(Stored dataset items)
>>>>>
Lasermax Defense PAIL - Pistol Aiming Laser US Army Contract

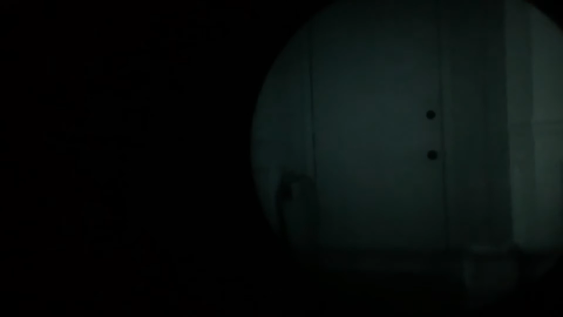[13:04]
if i hold on one second here i don't have a mount for the 14 there you go it's a laser and illuminator and the camera cannot pick up the ir laser just the illuminator try to shut it back off here you can see just moving it around it's just a flood right but uh you can't pick up the laser on the camera you can see it with the naked eye just not not on the camera
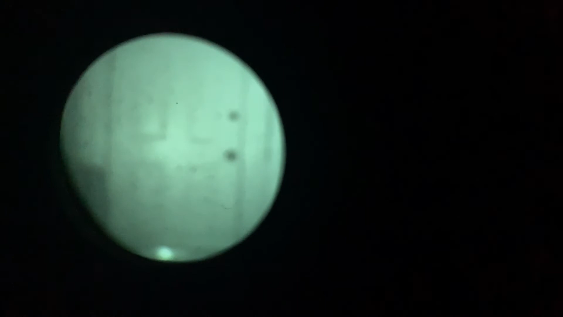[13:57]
oops mount for this uh phone but you get the picture all right guys so you've seen the light perform
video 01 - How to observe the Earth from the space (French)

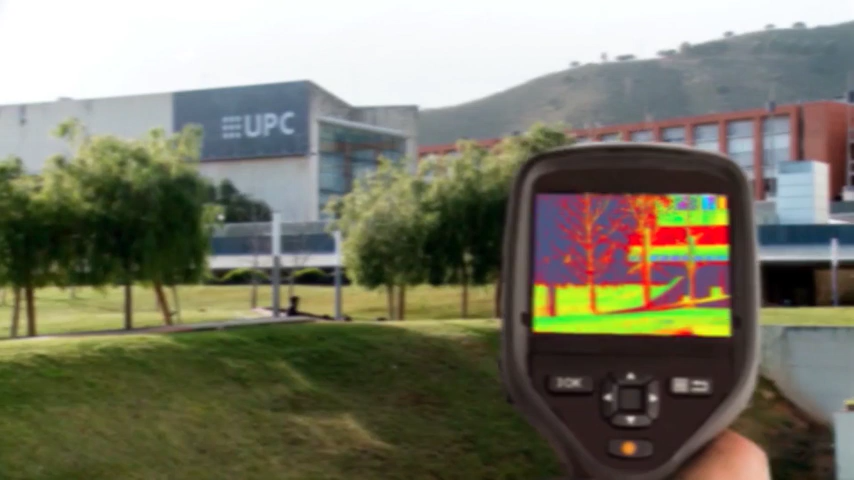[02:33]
Dans ce cas, les capteurs infrarouges sont spécialement conçus pour voir le rayonnement infrarouge émis et réfléchi par des objets, et cela même dans le noir.
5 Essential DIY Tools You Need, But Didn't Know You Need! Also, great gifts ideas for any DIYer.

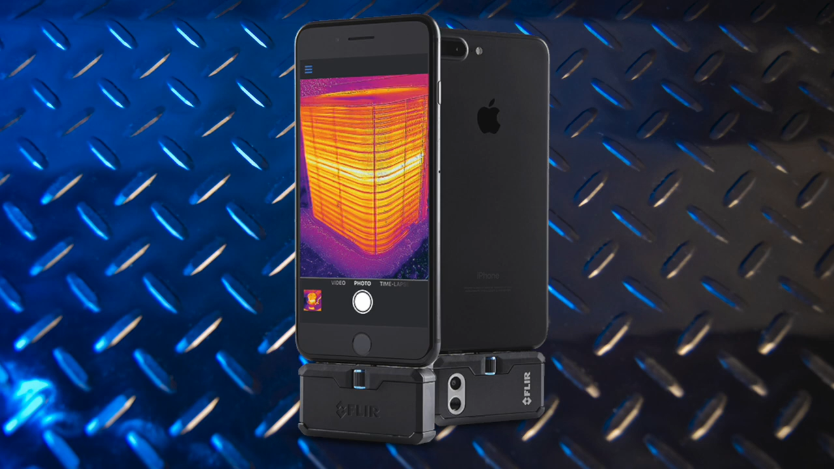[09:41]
The big deciding factor for me choosing the FLIR ONE over others is the technology they call MSX,
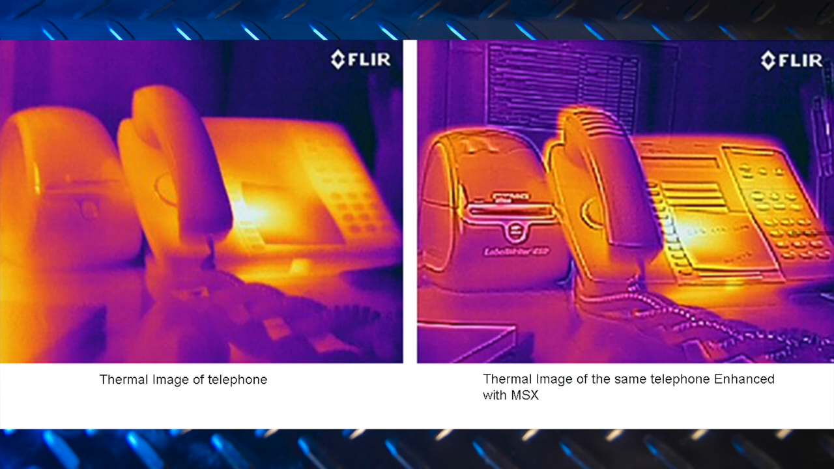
<<<<<
Would you write out each record above exactly, with no images?

Lasermax Defense PAIL - Pistol Aiming Laser US Army Contract

[13:04]
if i hold on one second here i don't have a mount for the 14 there you go it's a laser and illuminator and the camera cannot pick up the ir laser just the illuminator try to shut it back off here you can see just moving it around it's just a flood right but uh you can't pick up the laser on the camera you can see it with the naked eye just not not on the camera
[13:57]
oops mount for this uh phone but you get the picture all right guys so you've seen the light perform
video 01 - How to observe the Earth from the space (French)

[02:33]
Dans ce cas, les capteurs infrarouges sont spécialement conçus pour voir le rayonnement infrarouge émis et réfléchi par des objets, et cela même dans le noir.
5 Essential DIY Tools You Need, But Didn't Know You Need! Also, great gifts ideas for any DIYer.

[09:41]
The big deciding factor for me choosing the FLIR ONE over others is the technology they call MSX,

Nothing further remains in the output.